_Brief:_ Transcribe every record verbatim; no pictures.

(Stored data entries)
--

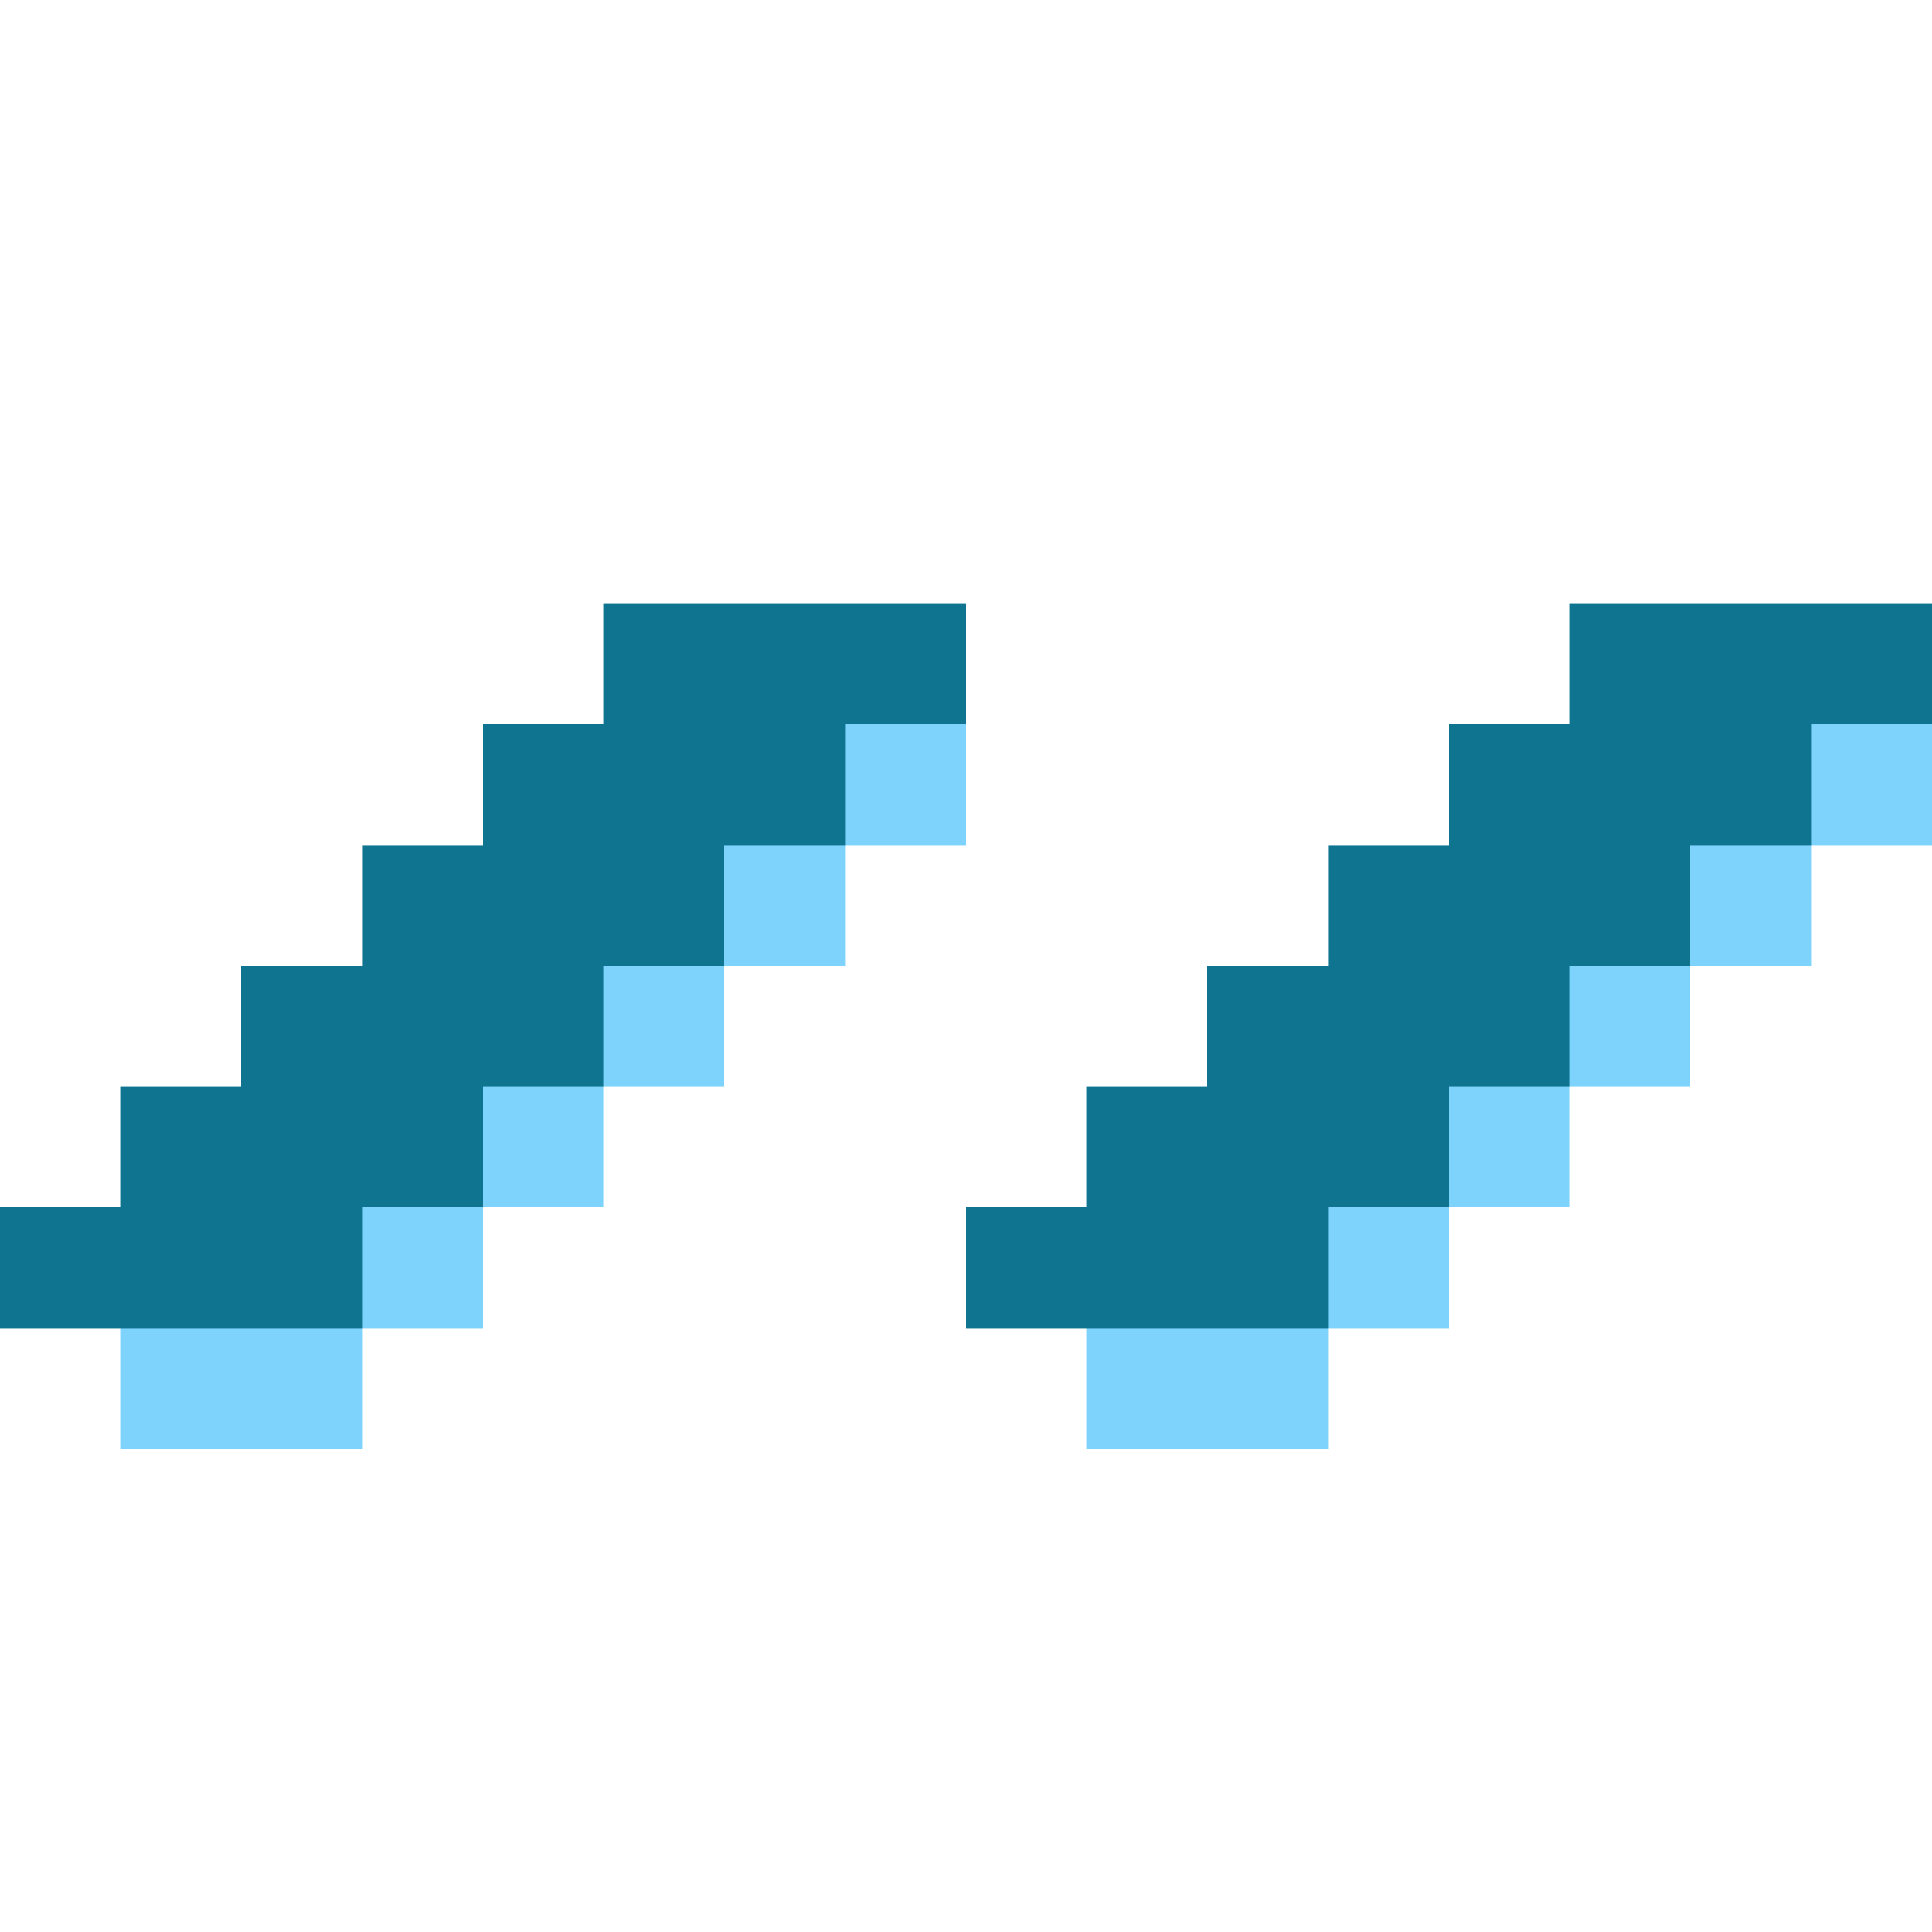 <svg xmlns="http://www.w3.org/2000/svg" version="1.1" width="16" height="16" viewBox="0 0 16 16">
    <defs>
        <g id="slash-piece">
            <rect x="1" y="1" width="2" height="2" fill="rgb(125,211,252)" shape-rendering="crispEdges"/>
            <rect x="0" y="1" width="3" height="1" fill="rgb(14,116,144)" shape-rendering="crispEdges"/>
        </g>

        <g id="slash">
            <use x="5" y="1" href="#slash-piece"/>
            <use x="4" y="2" href="#slash-piece"/>
            <use x="3" y="3" href="#slash-piece"/>
            <use x="2" y="4" href="#slash-piece"/>
            <use x="1" y="5" href="#slash-piece"/>
            <use x="0" y="6" href="#slash-piece"/>
        </g>
    </defs>

    <use x="0" y="3" href="#slash"/>
    <use x="8" y="3" href="#slash"/>
</svg>

--

_Written answer:_
 <svg xmlns="http://www.w3.org/2000/svg" version="1.1" width="16" height="16" viewBox="0 0 16 16">
    <defs>
        <g id="slash-piece">
            <rect x="1" y="1" width="2" height="2" fill="rgb(125,211,252)" shape-rendering="crispEdges"/>
            <rect x="0" y="1" width="3" height="1" fill="rgb(14,116,144)" shape-rendering="crispEdges"/>
        </g>

        <g id="slash">
            <use x="5" y="1" href="#slash-piece"/>
            <use x="4" y="2" href="#slash-piece"/>
            <use x="3" y="3" href="#slash-piece"/>
            <use x="2" y="4" href="#slash-piece"/>
            <use x="1" y="5" href="#slash-piece"/>
            <use x="0" y="6" href="#slash-piece"/>
        </g>
    </defs>

    <use x="0" y="3" href="#slash"/>
    <use x="8" y="3" href="#slash"/>
</svg>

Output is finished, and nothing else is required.